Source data
■ ■ ■ ■ ■
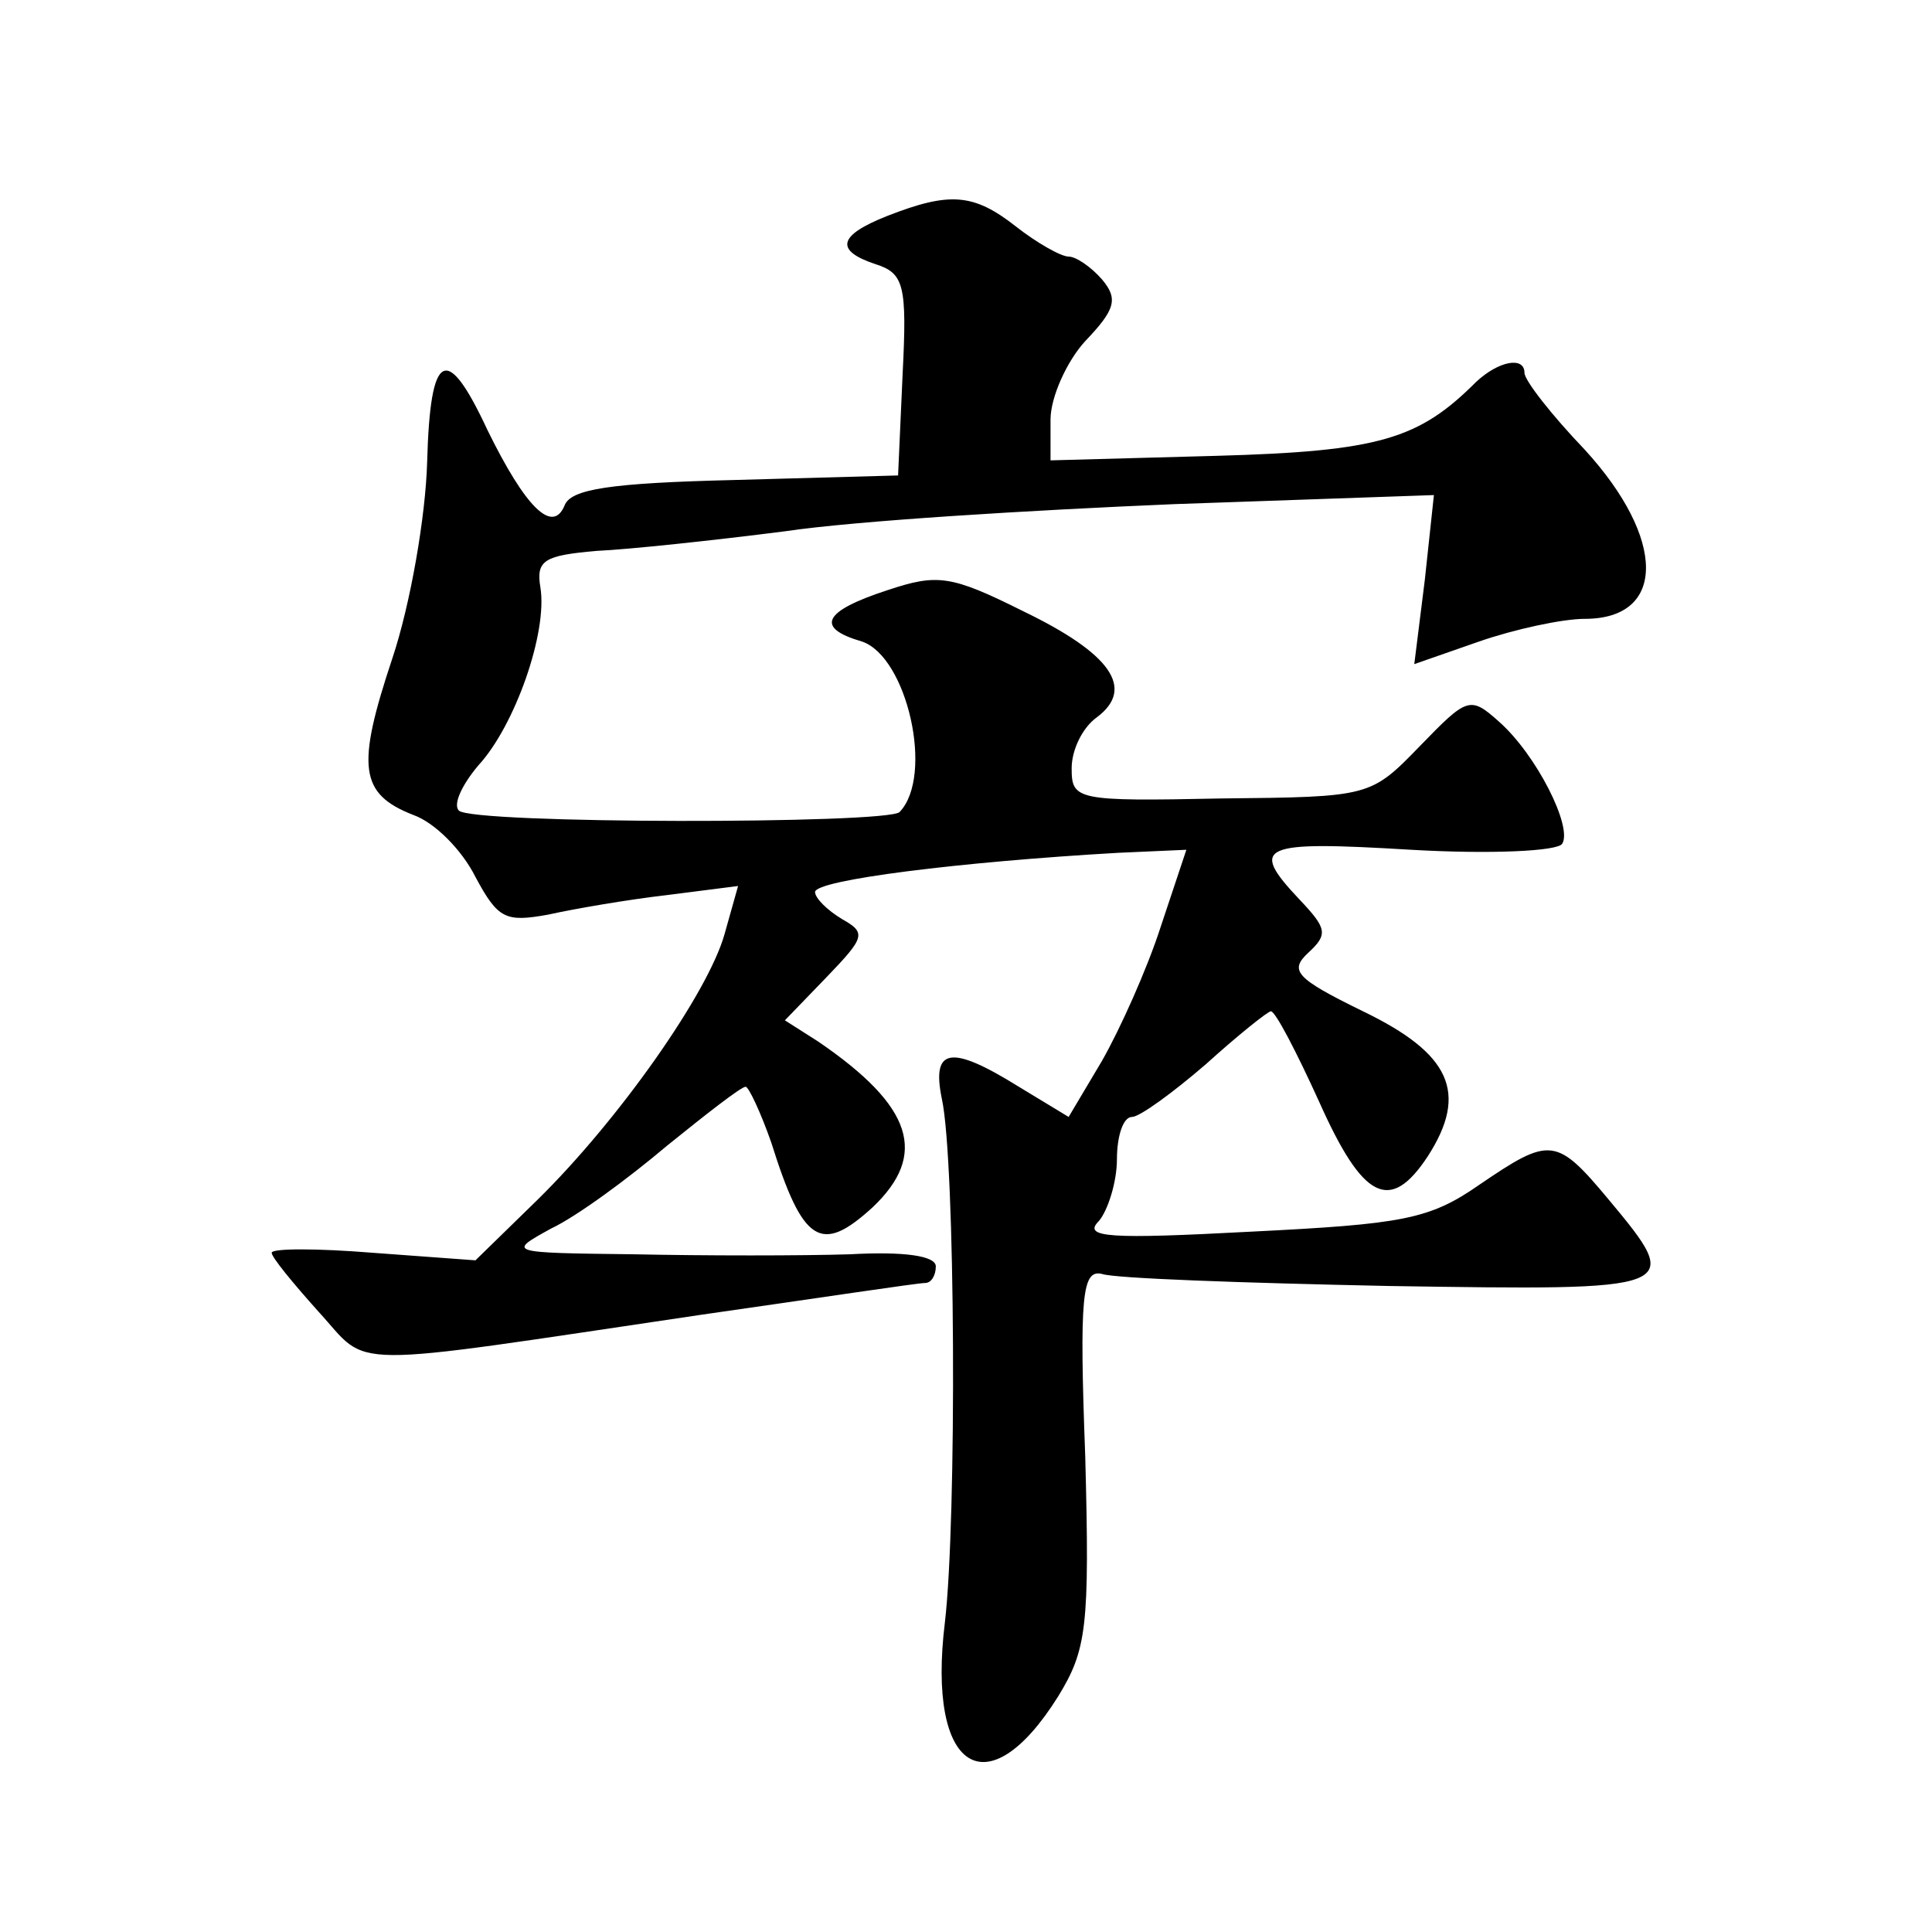 <?xml version="1.0" standalone="no"?>
<!DOCTYPE svg PUBLIC "-//W3C//DTD SVG 20010904//EN"
 "http://www.w3.org/TR/2001/REC-SVG-20010904/DTD/svg10.dtd">
<svg version="1.0" xmlns="http://www.w3.org/2000/svg"
 width="128pt" height="128pt" viewBox="0 0 128 128"
 preserveAspectRatio="xMidYMid meet">
<g transform="translate(0,128) scale(0.1,-0.1)"
fill="#0" stroke="none">
<path d="M588 1137 c-33 -13 -35 -23 -8 -32 19 -6 21 -14 18 -73 l-3 -67 -108 -3
c-83 -2 -109 -6 -113 -17 -8 -19 -26 -1 -51 50 -27 58 -38 53 -40 -21 -1 -36 -11
-94 -23 -130 -24 -72 -22 -90 14 -104 14 -5 32 -23 41 -41 15 -28 20 -30 48 -25
18 4 53 10 79 13 l47 6 -9 -32 c-11 -39 -70 -123 -124 -176 l-41 -40 -68 5 c-37
3 -67 3 -67 0 0 -3 14 -20 31 -39 35 -38 11 -38 254 -2 77 11 143 21 148 21 4 0
7 5 7 11 0 7 -21 10 -57 8 -32 -1 -96 -1 -143 0 -84 1 -84 1 -55 17 17 8 51 33
77 55 26 21 49 39 52 39 2 0 10 -17 17 -37 21 -67 33 -74 67 -43 37 35 27 67 -36
110 l-22 14 28 29 c25 26 26 29 10 38 -10 6 -18 14 -18 18 0 8 96 20 201 26 l45
2 -17 -51 c-9 -28 -27 -68 -39 -89 l-22 -37 -33 20 c-45 28 -58 26 -51 -8 9 -41
10 -279 2 -347 -12 -98 28 -124 75 -49 19 31 21 46 18 159 -4 107 -2 124 11 121
8 -3 94 -6 190 -8 194 -3 196 -3 146 57 -35 42 -39 42 -86 10 -33 -23 -51 -26 -151
-31 -94 -5 -112 -4 -101 7 6 7 12 26 12 41 0 15 4 28 10 28 5 0 27 16 49 35 21
19 41 35 43 35 3 0 17 -27 32 -60 29 -65 47 -74 72 -36 27 42 15 68 -43 96 -45
22 -49 27 -36 39 13 12 12 16 -6 35 -34 36 -26 39 74 33 52 -3 97 -1 100 4 7 11
-17 59 -42 81 -19 17 -21 16 -52 -16 -33 -34 -33 -34 -132 -35 -96 -2 -99 -1 -99
20 0 12 7 27 17 34 25 19 9 42 -49 70 -48 24 -57 25 -90 14 -43 -14 -48 -25 -17
-34 30 -10 48 -89 25 -113 -8 -8 -284 -8 -292 1 -4 4 2 17 13 30 24 26 46 88 41
118 -3 18 3 21 37 24 22 1 78 7 125 13 47 7 163 14 258 18 l172 6 -6 -56 -7 -56
43 15 c23 8 55 15 70 15 54 0 54 53 0 112 -22 23 -40 46 -40 51 0 11 -17 8 -32
-6 -38 -38 -64 -46 -172 -49 l-110 -3 0 27 c0 15 11 39 23 52 20 21 22 28 11 41
-7 8 -17 15 -22 15 -5 0 -21 9 -35 20 -28 22 -44 23 -85 7z"/>
</g>
</svg>
■ ■ ■ ■ ■
### WHAT TO DO
The answer must be the lines from the one containing "77 55 26 21" through the last line of the records, written out exactly; please include nothing more.

### ANSWER SPACE
77 55 26 21 49 39 52 39 2 0 10 -17 17 -37 21 -67 33 -74 67 -43 37 35 27 67 -36
110 l-22 14 28 29 c25 26 26 29 10 38 -10 6 -18 14 -18 18 0 8 96 20 201 26 l45
2 -17 -51 c-9 -28 -27 -68 -39 -89 l-22 -37 -33 20 c-45 28 -58 26 -51 -8 9 -41
10 -279 2 -347 -12 -98 28 -124 75 -49 19 31 21 46 18 159 -4 107 -2 124 11 121
8 -3 94 -6 190 -8 194 -3 196 -3 146 57 -35 42 -39 42 -86 10 -33 -23 -51 -26 -151
-31 -94 -5 -112 -4 -101 7 6 7 12 26 12 41 0 15 4 28 10 28 5 0 27 16 49 35 21
19 41 35 43 35 3 0 17 -27 32 -60 29 -65 47 -74 72 -36 27 42 15 68 -43 96 -45
22 -49 27 -36 39 13 12 12 16 -6 35 -34 36 -26 39 74 33 52 -3 97 -1 100 4 7 11
-17 59 -42 81 -19 17 -21 16 -52 -16 -33 -34 -33 -34 -132 -35 -96 -2 -99 -1 -99
20 0 12 7 27 17 34 25 19 9 42 -49 70 -48 24 -57 25 -90 14 -43 -14 -48 -25 -17
-34 30 -10 48 -89 25 -113 -8 -8 -284 -8 -292 1 -4 4 2 17 13 30 24 26 46 88 41
118 -3 18 3 21 37 24 22 1 78 7 125 13 47 7 163 14 258 18 l172 6 -6 -56 -7 -56
43 15 c23 8 55 15 70 15 54 0 54 53 0 112 -22 23 -40 46 -40 51 0 11 -17 8 -32
-6 -38 -38 -64 -46 -172 -49 l-110 -3 0 27 c0 15 11 39 23 52 20 21 22 28 11 41
-7 8 -17 15 -22 15 -5 0 -21 9 -35 20 -28 22 -44 23 -85 7z"/>
</g>
</svg>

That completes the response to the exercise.